◆ Provided data ◆
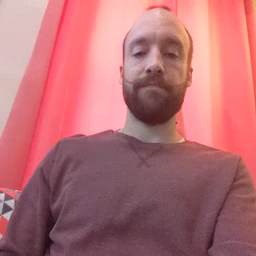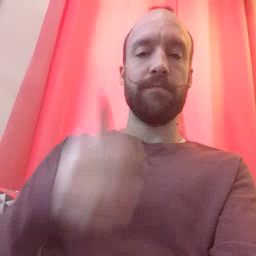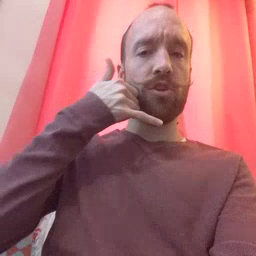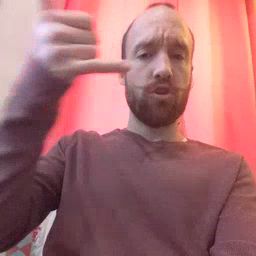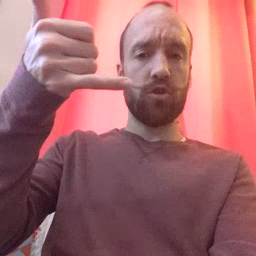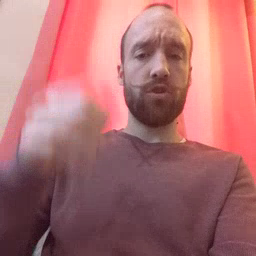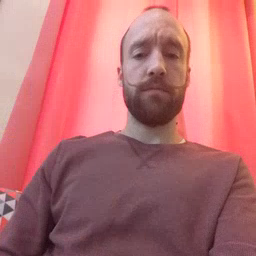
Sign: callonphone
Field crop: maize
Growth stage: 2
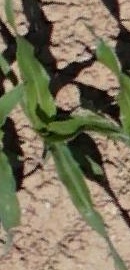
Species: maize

==

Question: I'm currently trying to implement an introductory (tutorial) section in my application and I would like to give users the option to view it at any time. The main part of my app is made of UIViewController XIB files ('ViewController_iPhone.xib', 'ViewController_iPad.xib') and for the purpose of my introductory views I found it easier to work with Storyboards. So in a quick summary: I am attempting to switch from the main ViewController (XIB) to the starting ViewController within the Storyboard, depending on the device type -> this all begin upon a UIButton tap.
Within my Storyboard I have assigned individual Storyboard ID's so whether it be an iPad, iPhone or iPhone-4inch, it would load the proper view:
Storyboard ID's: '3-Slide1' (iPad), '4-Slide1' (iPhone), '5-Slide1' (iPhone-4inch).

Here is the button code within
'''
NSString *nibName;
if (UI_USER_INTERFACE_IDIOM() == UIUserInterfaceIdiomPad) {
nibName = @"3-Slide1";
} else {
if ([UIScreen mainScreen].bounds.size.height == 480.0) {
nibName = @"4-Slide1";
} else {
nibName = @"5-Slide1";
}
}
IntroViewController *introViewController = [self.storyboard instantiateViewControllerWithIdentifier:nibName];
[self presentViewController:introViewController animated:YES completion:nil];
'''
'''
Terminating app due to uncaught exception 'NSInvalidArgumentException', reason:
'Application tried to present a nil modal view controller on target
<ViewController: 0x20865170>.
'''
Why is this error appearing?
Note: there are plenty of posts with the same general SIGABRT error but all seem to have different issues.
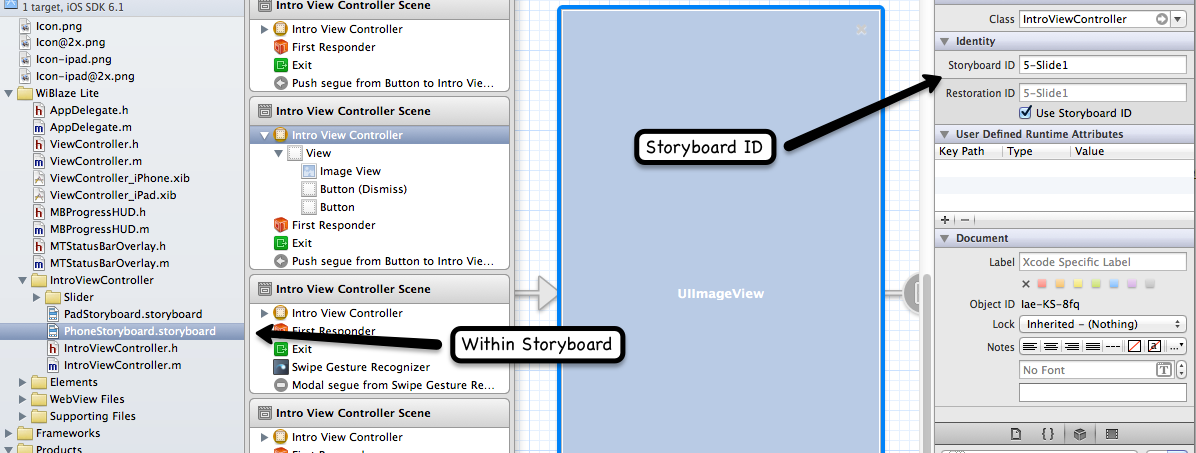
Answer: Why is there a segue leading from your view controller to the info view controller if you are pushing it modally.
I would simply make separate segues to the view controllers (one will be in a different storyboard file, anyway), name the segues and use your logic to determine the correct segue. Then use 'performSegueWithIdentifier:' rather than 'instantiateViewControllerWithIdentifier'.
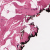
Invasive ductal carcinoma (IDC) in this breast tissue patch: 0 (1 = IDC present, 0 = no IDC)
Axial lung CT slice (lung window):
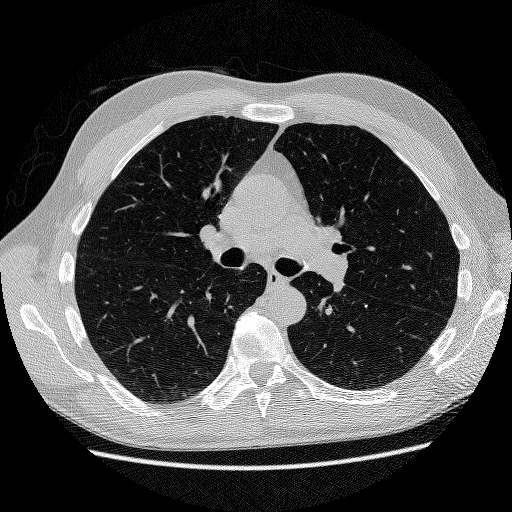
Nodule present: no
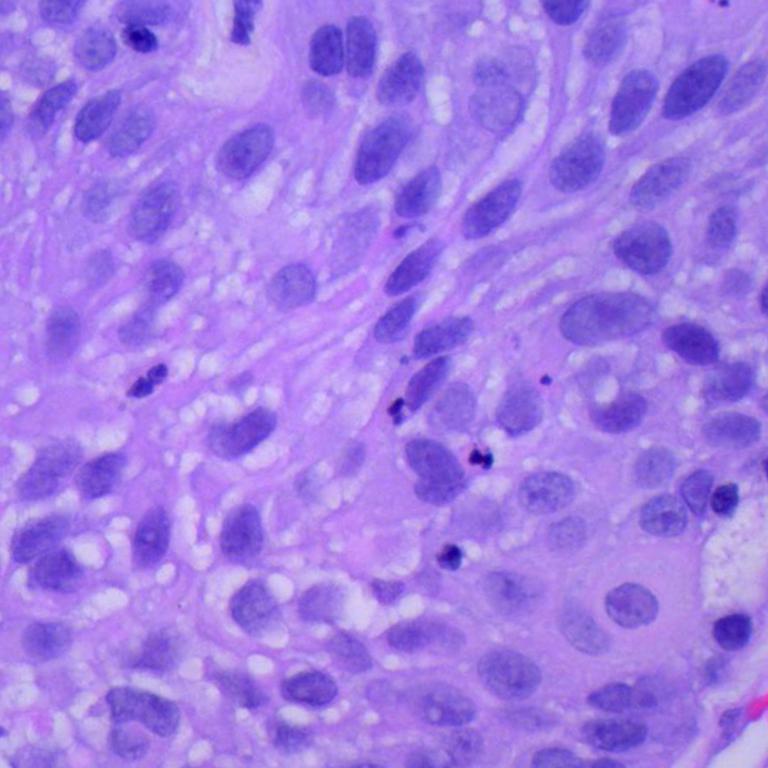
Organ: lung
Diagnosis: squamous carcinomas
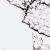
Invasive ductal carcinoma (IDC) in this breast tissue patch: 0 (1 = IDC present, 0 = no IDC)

---

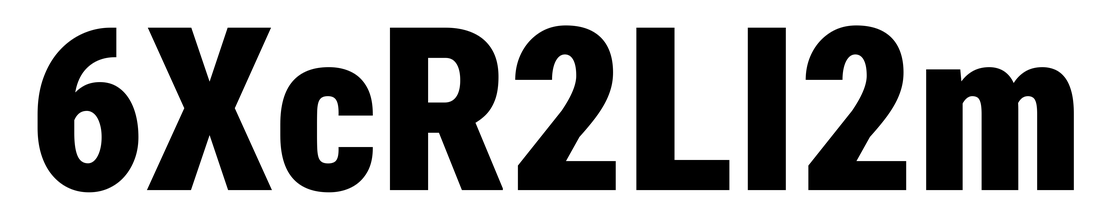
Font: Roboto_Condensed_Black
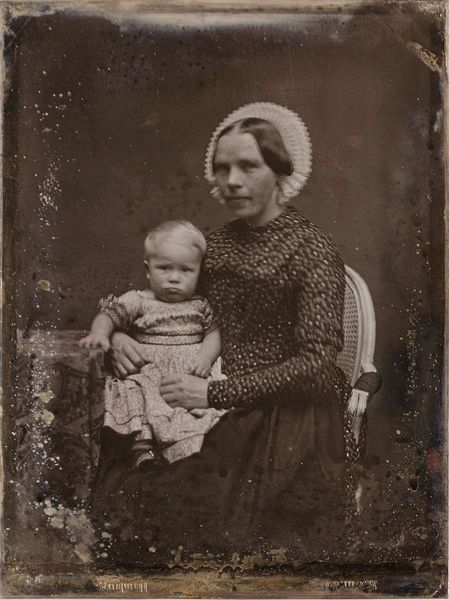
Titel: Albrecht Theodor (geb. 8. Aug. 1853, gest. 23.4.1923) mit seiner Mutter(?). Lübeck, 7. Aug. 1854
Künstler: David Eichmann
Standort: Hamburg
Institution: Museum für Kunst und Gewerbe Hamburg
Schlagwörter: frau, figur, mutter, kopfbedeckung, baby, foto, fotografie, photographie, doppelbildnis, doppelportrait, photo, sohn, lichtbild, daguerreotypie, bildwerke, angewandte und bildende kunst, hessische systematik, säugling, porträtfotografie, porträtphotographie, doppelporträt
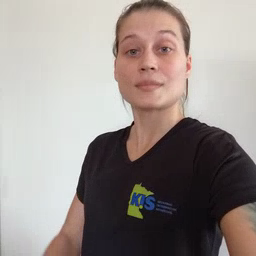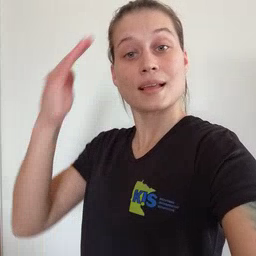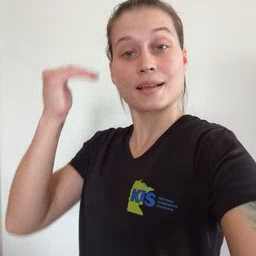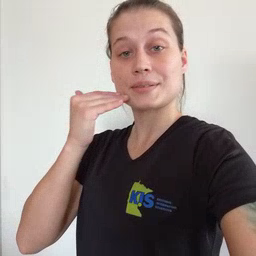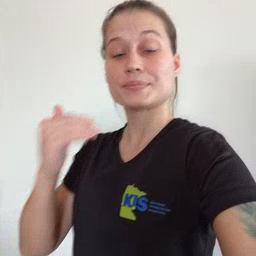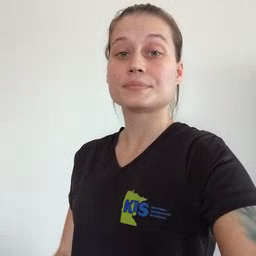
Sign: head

◆ Exercise details ◆
Give only the number of lines in the data that hold the string "lung".

◆ Solution to the exercise ◆
2